In this notebook, you will use Azure Machine learning to create a repeatable, scaleable model training framework. Key concepts in this notebook are:  
  
1. **Data partition by column(s)**
   - In order to parallelize training by partition you will leverage the [data partition component](../src/components/partition_data/) to parse and send chunks of data to be trained.
   - In this case, data is partitioned by unique Store + Brand combinations
2. **Custom model training script**
   - The [model trianing script](../src/parallel_train.py) is custom and interchangeable so it can be easily adapted for changing needs
   -  In this case, the trianing script is a _very_ simple Gradient Boosted Regressor from scikit-learn
3. **Parallel model training on an ephermoral compute cluster**
   - The training utilizes the compute cluster from [Step 0 - Steup](./0_setup.ipynb) to train a model on each data partition in parallel
   - The cluster can be scaled vertically (node size) or horizontally (node count) as needed
   - The cluster is totally ephemoral - scaling down to zero running nodes when idle
4. **Azure Machine Learning Model Registry**
   - This notebook uses AML Model Registry to track model versions, artifacts, and metadata in a seamless and managed process
5. **MLflow alanysis across experiments and/or training jobs**
   - Using AML integration with MLFlow you are able to query models across experiments and/or training runs to analyze results
   - Building on this framework allows for a scaleable way to analyze 100,000+ models.
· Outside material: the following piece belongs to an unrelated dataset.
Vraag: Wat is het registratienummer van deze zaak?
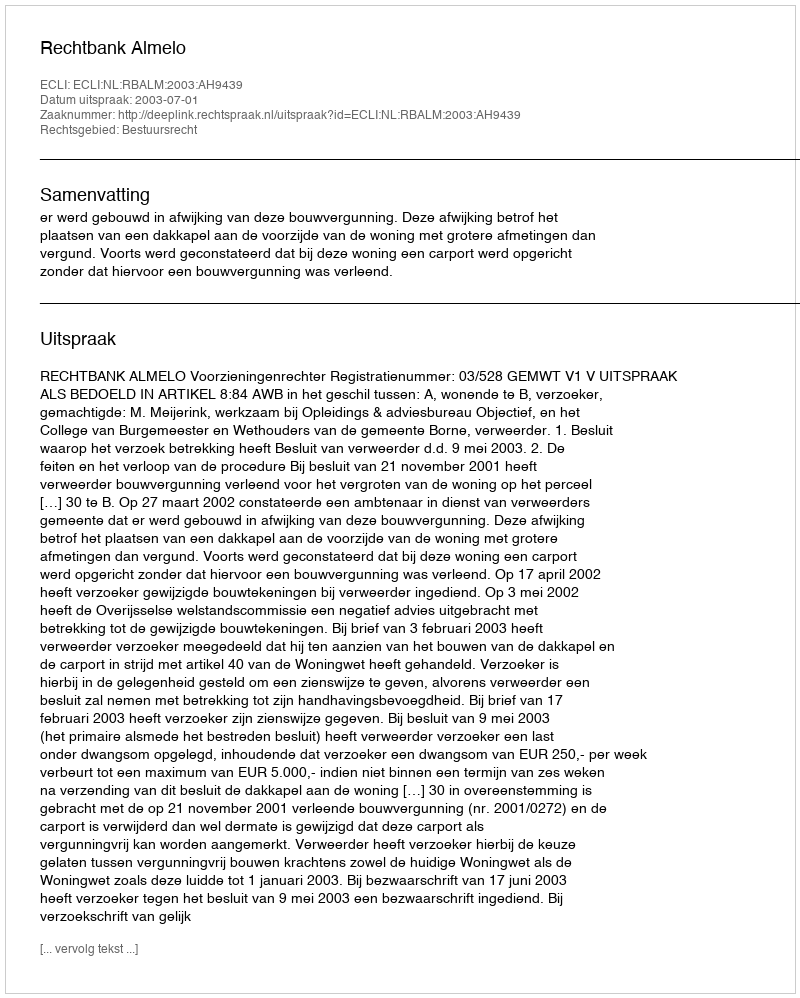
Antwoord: http://deeplink.rechtspraak.nl/uitspraak?id=ECLI:NL:RBALM:2003:AH9439

Including answers to quesitons like:
     - Which model version has the lowest RMSE for a given Store/brand?
     - How do training and testing metrics compare between Experiment A and Experiment B?
     - How long on average did it take to train a model in Job 1?

In [None]:
# import required libraries
from azure.identity import DefaultAzureCredential
from azure.ai.ml import MLClient, Input, Output, load_component
from azure.ai.ml.dsl import pipeline
from azure.ai.ml.constants import AssetTypes, InputOutputModes
from azure.ai.ml.parallel import parallel_run_function, RunFunction
from dotenv import load_dotenv, find_dotenv
import os
import mlflow

In [None]:
# Initialize ML Client
load_dotenv(find_dotenv(), override=True)

# authenticate
credential = DefaultAzureCredential(tenantid=os.environ.get('TENANT_ID'))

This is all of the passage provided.